The answer must consist solely of the lines from the start of the records through the line containing "Wide-field contact fundus", restated word for word, with no pictures.

• **Source data**:
------------------------

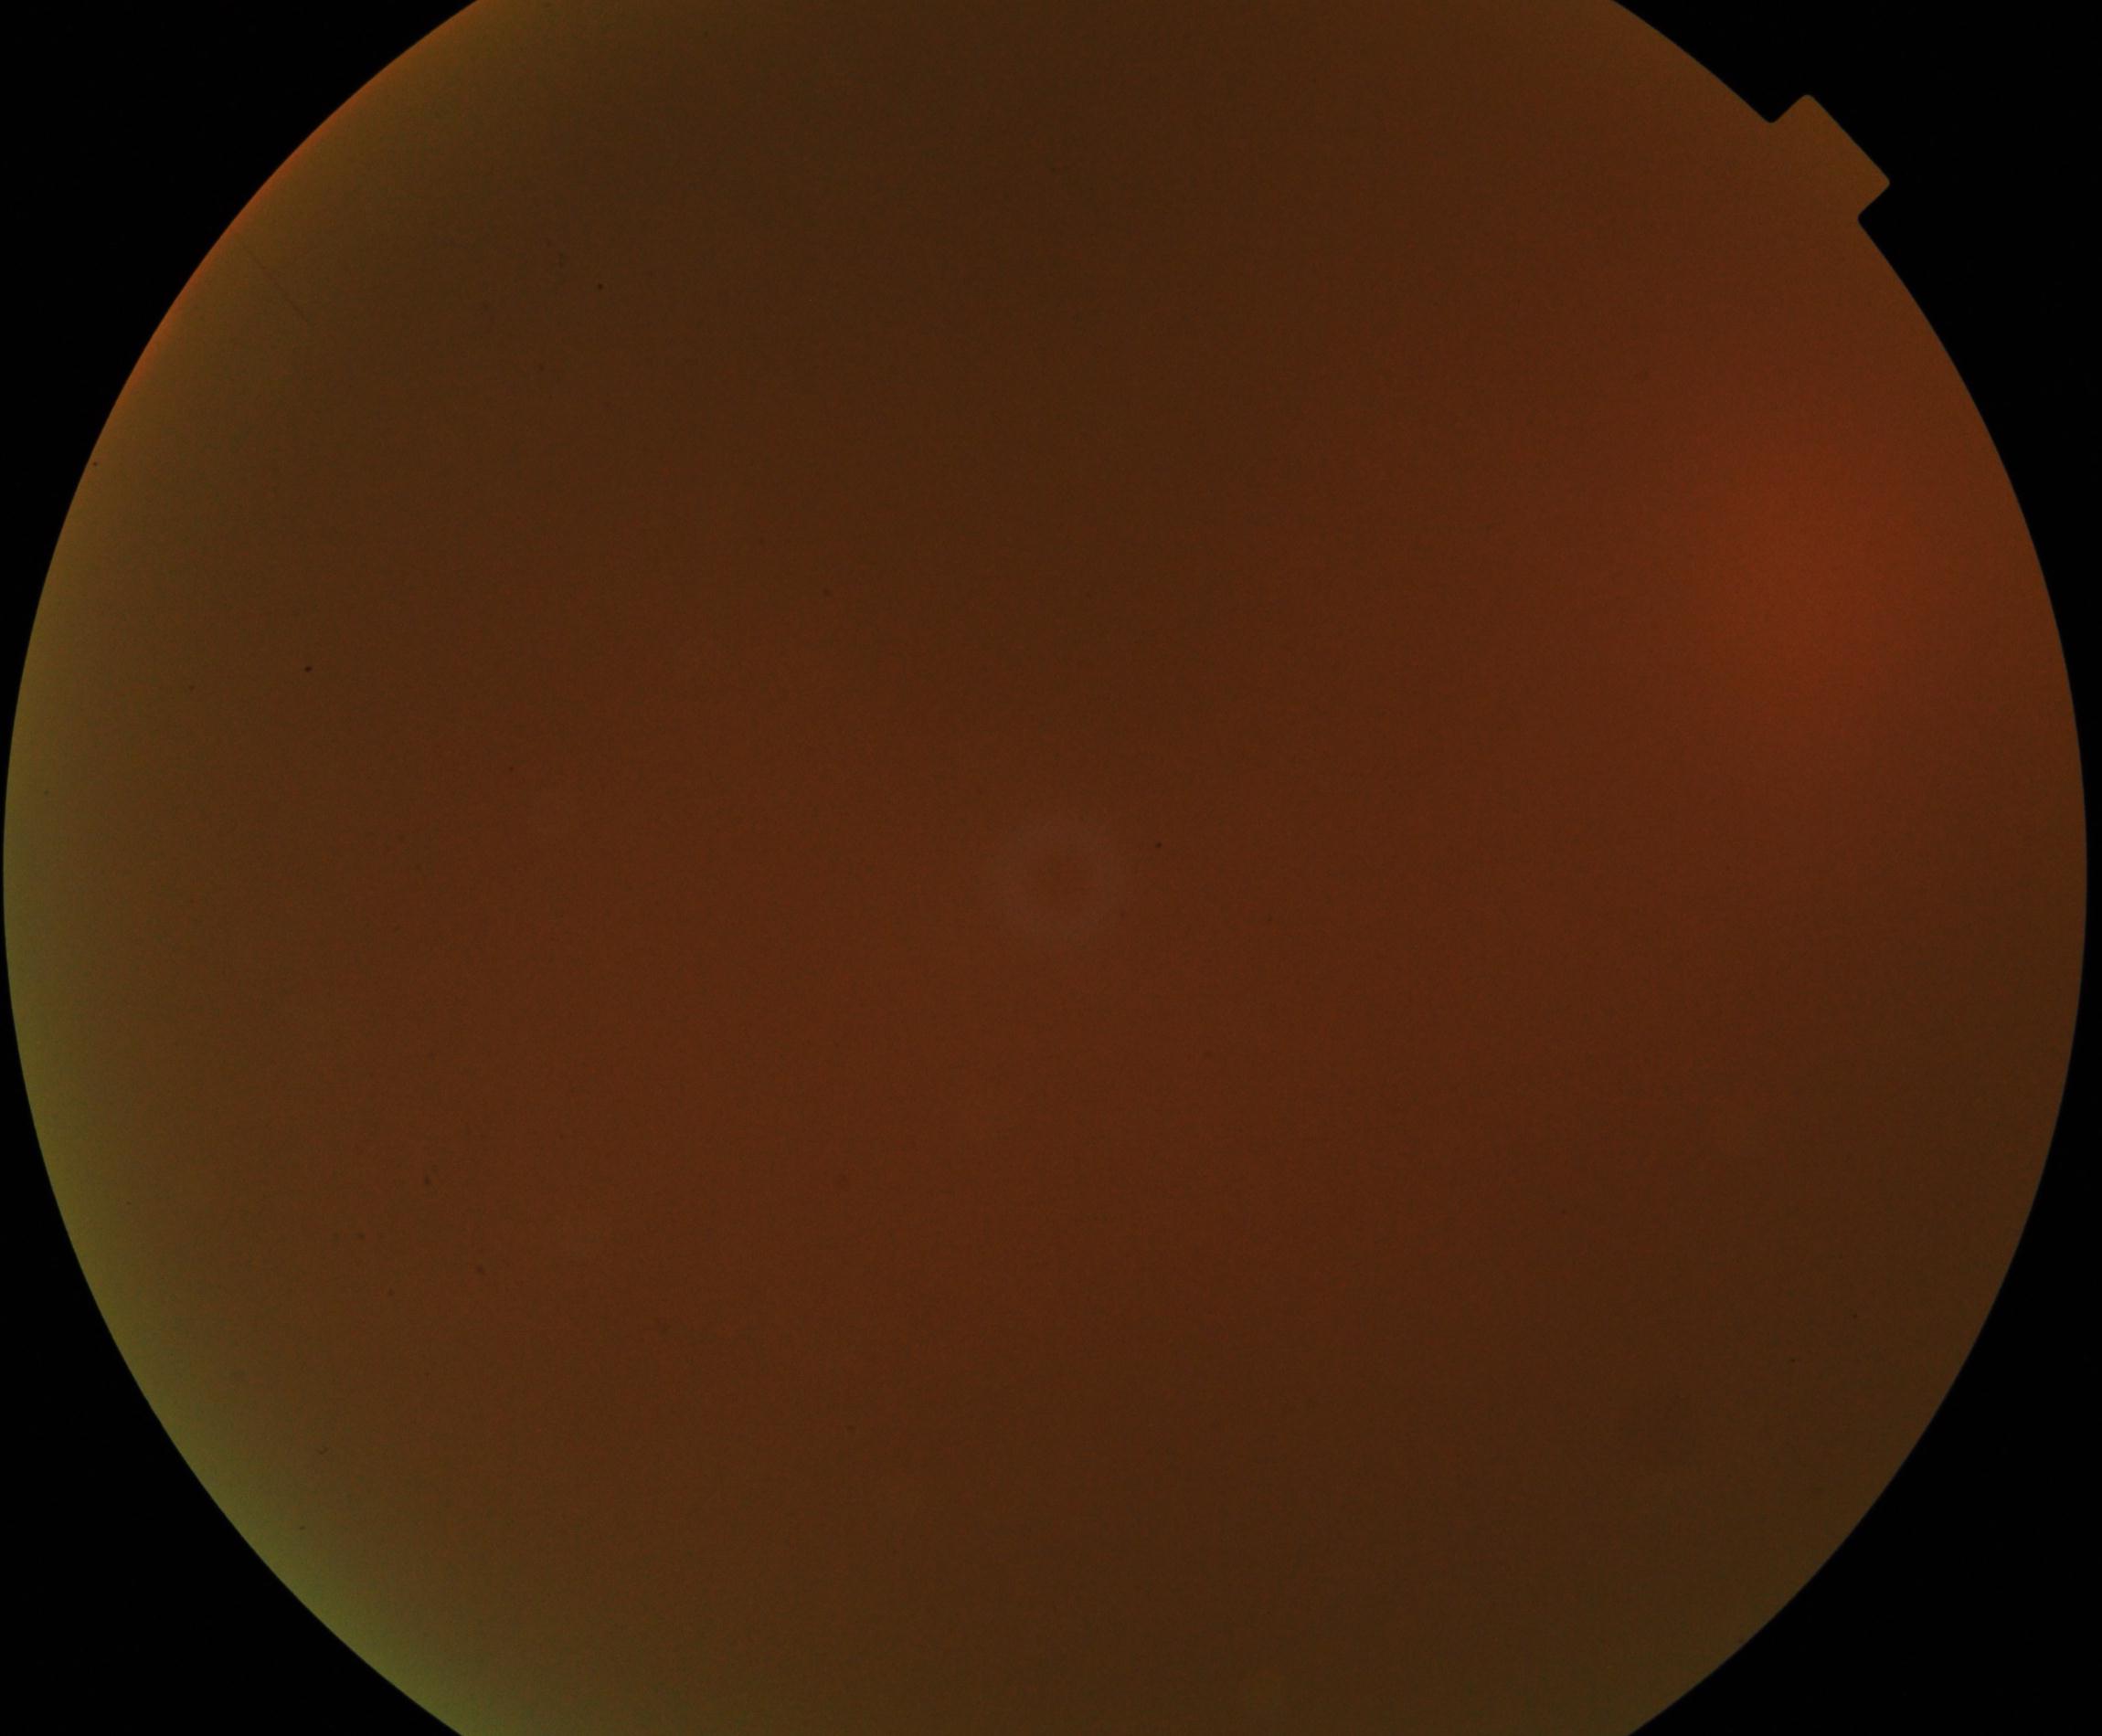 Blurred fundus image with substantial obscuration of retinal landmarks. Proliferative diabetic retinopathy not identified in the visible portion.
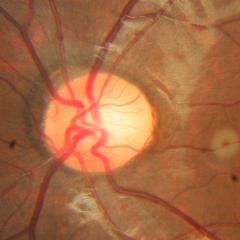 Impression = no glaucomatous changes.
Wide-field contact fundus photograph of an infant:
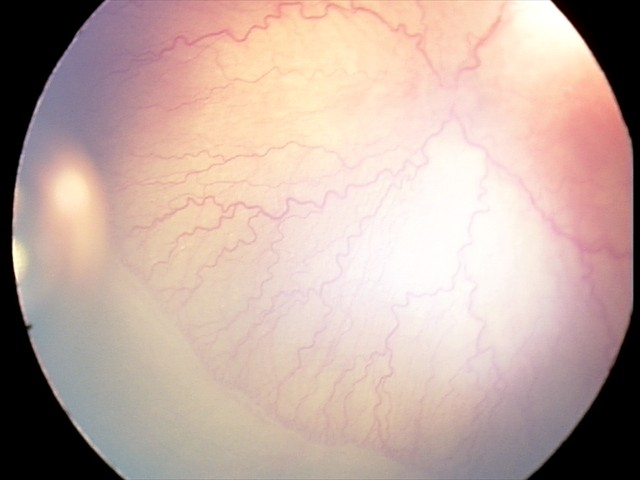

Plus disease was diagnosed. Examination diagnosed as aggressive retinopathy of prematurity (A-ROP).
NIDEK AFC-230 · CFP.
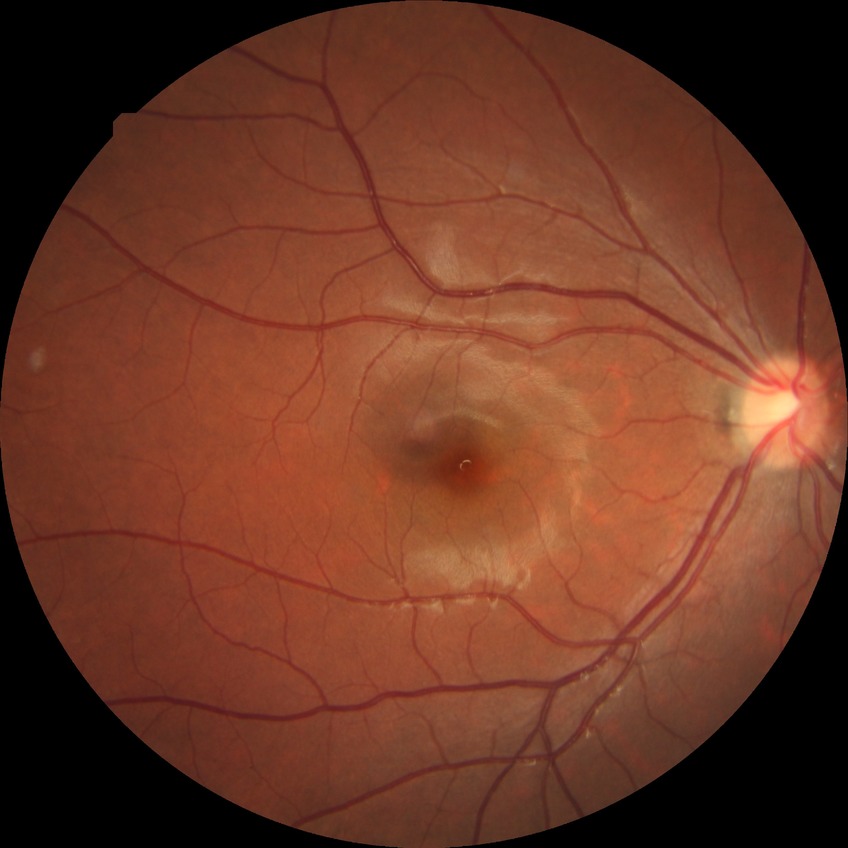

------------------------

• **Exercise result**:
 Blurred fundus image with substantial obscuration of retinal landmarks. Proliferative diabetic retinopathy not identified in the visible portion.
 Impression = no glaucomatous changes.
Wide-field contact fundus photograph of an infant:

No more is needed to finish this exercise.